-- Exercise goal --
The result should be a full, exact repeat of the entries, free of pictures.
*** Opening of Dataset records ***
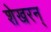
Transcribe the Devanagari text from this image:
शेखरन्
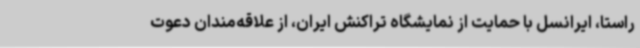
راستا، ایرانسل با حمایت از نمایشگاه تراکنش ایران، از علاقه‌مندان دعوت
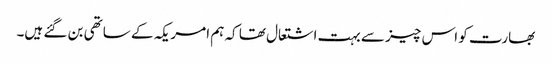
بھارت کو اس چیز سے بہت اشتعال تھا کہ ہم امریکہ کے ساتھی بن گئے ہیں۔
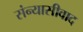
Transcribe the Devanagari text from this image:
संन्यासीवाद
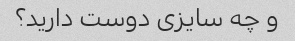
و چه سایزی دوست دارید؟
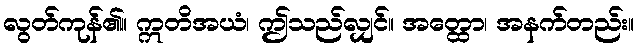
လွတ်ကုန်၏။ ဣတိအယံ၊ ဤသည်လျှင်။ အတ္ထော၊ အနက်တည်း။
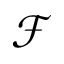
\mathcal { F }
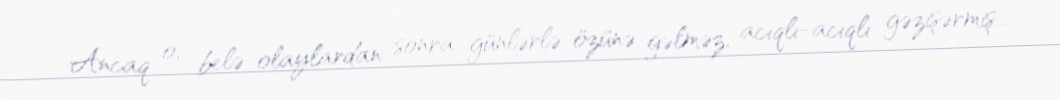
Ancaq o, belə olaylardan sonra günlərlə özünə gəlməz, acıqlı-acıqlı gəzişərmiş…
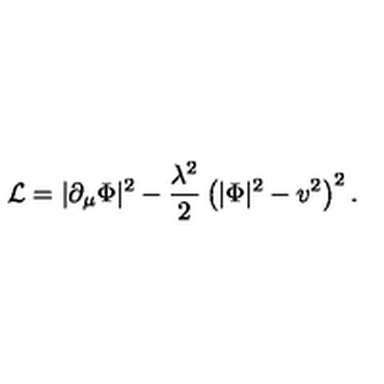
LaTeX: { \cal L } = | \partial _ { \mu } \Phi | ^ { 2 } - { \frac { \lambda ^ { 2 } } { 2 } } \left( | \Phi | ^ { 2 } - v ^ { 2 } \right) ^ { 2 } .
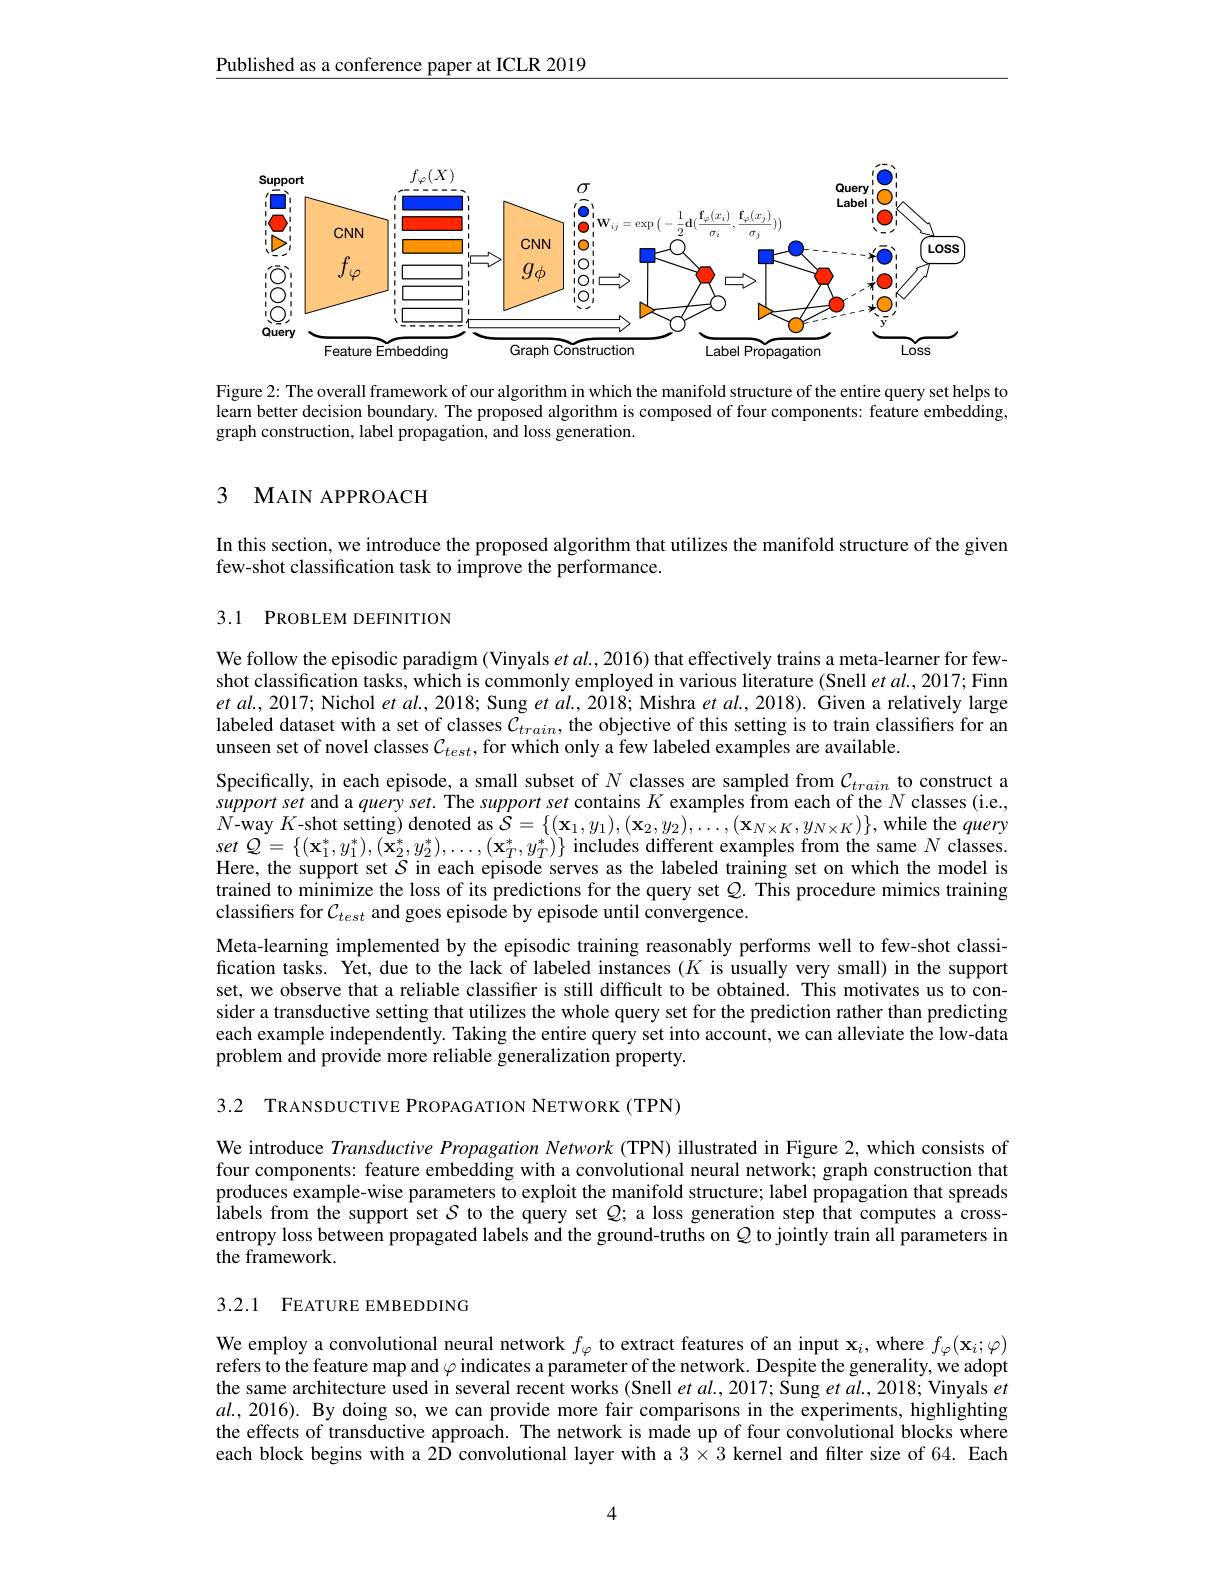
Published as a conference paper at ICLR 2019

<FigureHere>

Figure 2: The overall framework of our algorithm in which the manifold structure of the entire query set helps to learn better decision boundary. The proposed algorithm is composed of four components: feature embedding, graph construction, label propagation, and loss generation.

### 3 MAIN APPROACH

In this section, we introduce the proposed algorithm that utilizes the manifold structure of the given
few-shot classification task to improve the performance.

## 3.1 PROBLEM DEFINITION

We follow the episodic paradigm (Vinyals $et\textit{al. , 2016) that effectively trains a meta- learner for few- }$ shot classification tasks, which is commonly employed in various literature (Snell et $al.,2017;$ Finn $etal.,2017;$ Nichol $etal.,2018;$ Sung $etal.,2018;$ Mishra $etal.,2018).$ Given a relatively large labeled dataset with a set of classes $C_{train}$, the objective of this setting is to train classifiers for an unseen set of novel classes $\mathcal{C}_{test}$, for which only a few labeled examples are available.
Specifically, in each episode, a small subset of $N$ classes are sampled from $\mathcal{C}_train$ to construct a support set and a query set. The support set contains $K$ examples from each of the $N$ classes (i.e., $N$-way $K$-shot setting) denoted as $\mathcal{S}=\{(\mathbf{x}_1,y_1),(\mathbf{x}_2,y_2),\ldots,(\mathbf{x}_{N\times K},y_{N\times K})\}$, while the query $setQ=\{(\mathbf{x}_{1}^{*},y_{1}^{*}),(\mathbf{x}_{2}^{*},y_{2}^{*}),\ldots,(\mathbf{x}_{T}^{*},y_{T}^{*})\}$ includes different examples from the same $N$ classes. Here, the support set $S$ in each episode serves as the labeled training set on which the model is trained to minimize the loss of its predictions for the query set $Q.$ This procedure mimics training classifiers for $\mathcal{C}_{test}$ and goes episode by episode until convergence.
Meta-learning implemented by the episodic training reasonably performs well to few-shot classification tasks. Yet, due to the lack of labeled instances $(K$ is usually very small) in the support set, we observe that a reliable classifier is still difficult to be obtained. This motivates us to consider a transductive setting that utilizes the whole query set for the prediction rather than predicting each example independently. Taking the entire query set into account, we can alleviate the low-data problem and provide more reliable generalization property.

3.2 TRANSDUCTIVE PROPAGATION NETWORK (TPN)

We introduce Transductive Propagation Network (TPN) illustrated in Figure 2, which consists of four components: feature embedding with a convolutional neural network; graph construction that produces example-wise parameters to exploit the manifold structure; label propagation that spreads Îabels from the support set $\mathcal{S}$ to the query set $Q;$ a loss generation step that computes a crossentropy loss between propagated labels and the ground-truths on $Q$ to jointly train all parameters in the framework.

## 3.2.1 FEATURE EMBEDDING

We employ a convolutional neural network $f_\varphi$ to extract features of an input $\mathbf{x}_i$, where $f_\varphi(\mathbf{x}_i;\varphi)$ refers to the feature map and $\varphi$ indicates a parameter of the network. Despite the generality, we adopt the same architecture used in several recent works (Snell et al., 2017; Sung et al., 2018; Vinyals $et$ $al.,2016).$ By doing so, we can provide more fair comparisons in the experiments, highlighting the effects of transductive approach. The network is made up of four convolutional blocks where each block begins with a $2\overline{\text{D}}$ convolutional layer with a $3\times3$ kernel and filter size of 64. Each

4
*** Close of Dataset records ***
-- Written response --
Transcribe the Devanagari text from this image:
शेखरन्
راستا، ایرانسل با حمایت از نمایشگاه تراکنش ایران، از علاقه‌مندان دعوت
بھارت کو اس چیز سے بہت اشتعال تھا کہ ہم امریکہ کے ساتھی بن گئے ہیں۔
Transcribe the Devanagari text from this image:
संन्यासीवाद
و چه سایزی دوست دارید؟
လွတ်ကုန်၏။ ဣတိအယံ၊ ဤသည်လျှင်။ အတ္ထော၊ အနက်တည်း။
\mathcal { F }
Ancaq o, belə olaylardan sonra günlərlə özünə gəlməz, acıqlı-acıqlı gəzişərmiş…
LaTeX: { \cal L } = | \partial _ { \mu } \Phi | ^ { 2 } - { \frac { \lambda ^ { 2 } } { 2 } } \left( | \Phi | ^ { 2 } - v ^ { 2 } \right) ^ { 2 } .
Published as a conference paper at ICLR 2019

<FigureHere>

Figure 2: The overall framework of our algorithm in which the manifold structure of the entire query set helps to learn better decision boundary. The proposed algorithm is composed of four components: feature embedding, graph construction, label propagation, and loss generation.

### 3 MAIN APPROACH

In this section, we introduce the proposed algorithm that utilizes the manifold structure of the given
few-shot classification task to improve the performance.

## 3.1 PROBLEM DEFINITION

We follow the episodic paradigm (Vinyals $et\textit{al. , 2016) that effectively trains a meta- learner for few- }$ shot classification tasks, which is commonly employed in various literature (Snell et $al.,2017;$ Finn $etal.,2017;$ Nichol $etal.,2018;$ Sung $etal.,2018;$ Mishra $etal.,2018).$ Given a relatively large labeled dataset with a set of classes $C_{train}$, the objective of this setting is to train classifiers for an unseen set of novel classes $\mathcal{C}_{test}$, for which only a few labeled examples are available.
Specifically, in each episode, a small subset of $N$ classes are sampled from $\mathcal{C}_train$ to construct a support set and a query set. The support set contains $K$ examples from each of the $N$ classes (i.e., $N$-way $K$-shot setting) denoted as $\mathcal{S}=\{(\mathbf{x}_1,y_1),(\mathbf{x}_2,y_2),\ldots,(\mathbf{x}_{N\times K},y_{N\times K})\}$, while the query $setQ=\{(\mathbf{x}_{1}^{*},y_{1}^{*}),(\mathbf{x}_{2}^{*},y_{2}^{*}),\ldots,(\mathbf{x}_{T}^{*},y_{T}^{*})\}$ includes different examples from the same $N$ classes. Here, the support set $S$ in each episode serves as the labeled training set on which the model is trained to minimize the loss of its predictions for the query set $Q.$ This procedure mimics training classifiers for $\mathcal{C}_{test}$ and goes episode by episode until convergence.
Meta-learning implemented by the episodic training reasonably performs well to few-shot classification tasks. Yet, due to the lack of labeled instances $(K$ is usually very small) in the support set, we observe that a reliable classifier is still difficult to be obtained. This motivates us to consider a transductive setting that utilizes the whole query set for the prediction rather than predicting each example independently. Taking the entire query set into account, we can alleviate the low-data problem and provide more reliable generalization property.

3.2 TRANSDUCTIVE PROPAGATION NETWORK (TPN)

We introduce Transductive Propagation Network (TPN) illustrated in Figure 2, which consists of four components: feature embedding with a convolutional neural network; graph construction that produces example-wise parameters to exploit the manifold structure; label propagation that spreads Îabels from the support set $\mathcal{S}$ to the query set $Q;$ a loss generation step that computes a crossentropy loss between propagated labels and the ground-truths on $Q$ to jointly train all parameters in the framework.

## 3.2.1 FEATURE EMBEDDING

We employ a convolutional neural network $f_\varphi$ to extract features of an input $\mathbf{x}_i$, where $f_\varphi(\mathbf{x}_i;\varphi)$ refers to the feature map and $\varphi$ indicates a parameter of the network. Despite the generality, we adopt the same architecture used in several recent works (Snell et al., 2017; Sung et al., 2018; Vinyals $et$ $al.,2016).$ By doing so, we can provide more fair comparisons in the experiments, highlighting the effects of transductive approach. The network is made up of four convolutional blocks where each block begins with a $2\overline{\text{D}}$ convolutional layer with a $3\times3$ kernel and filter size of 64. Each

4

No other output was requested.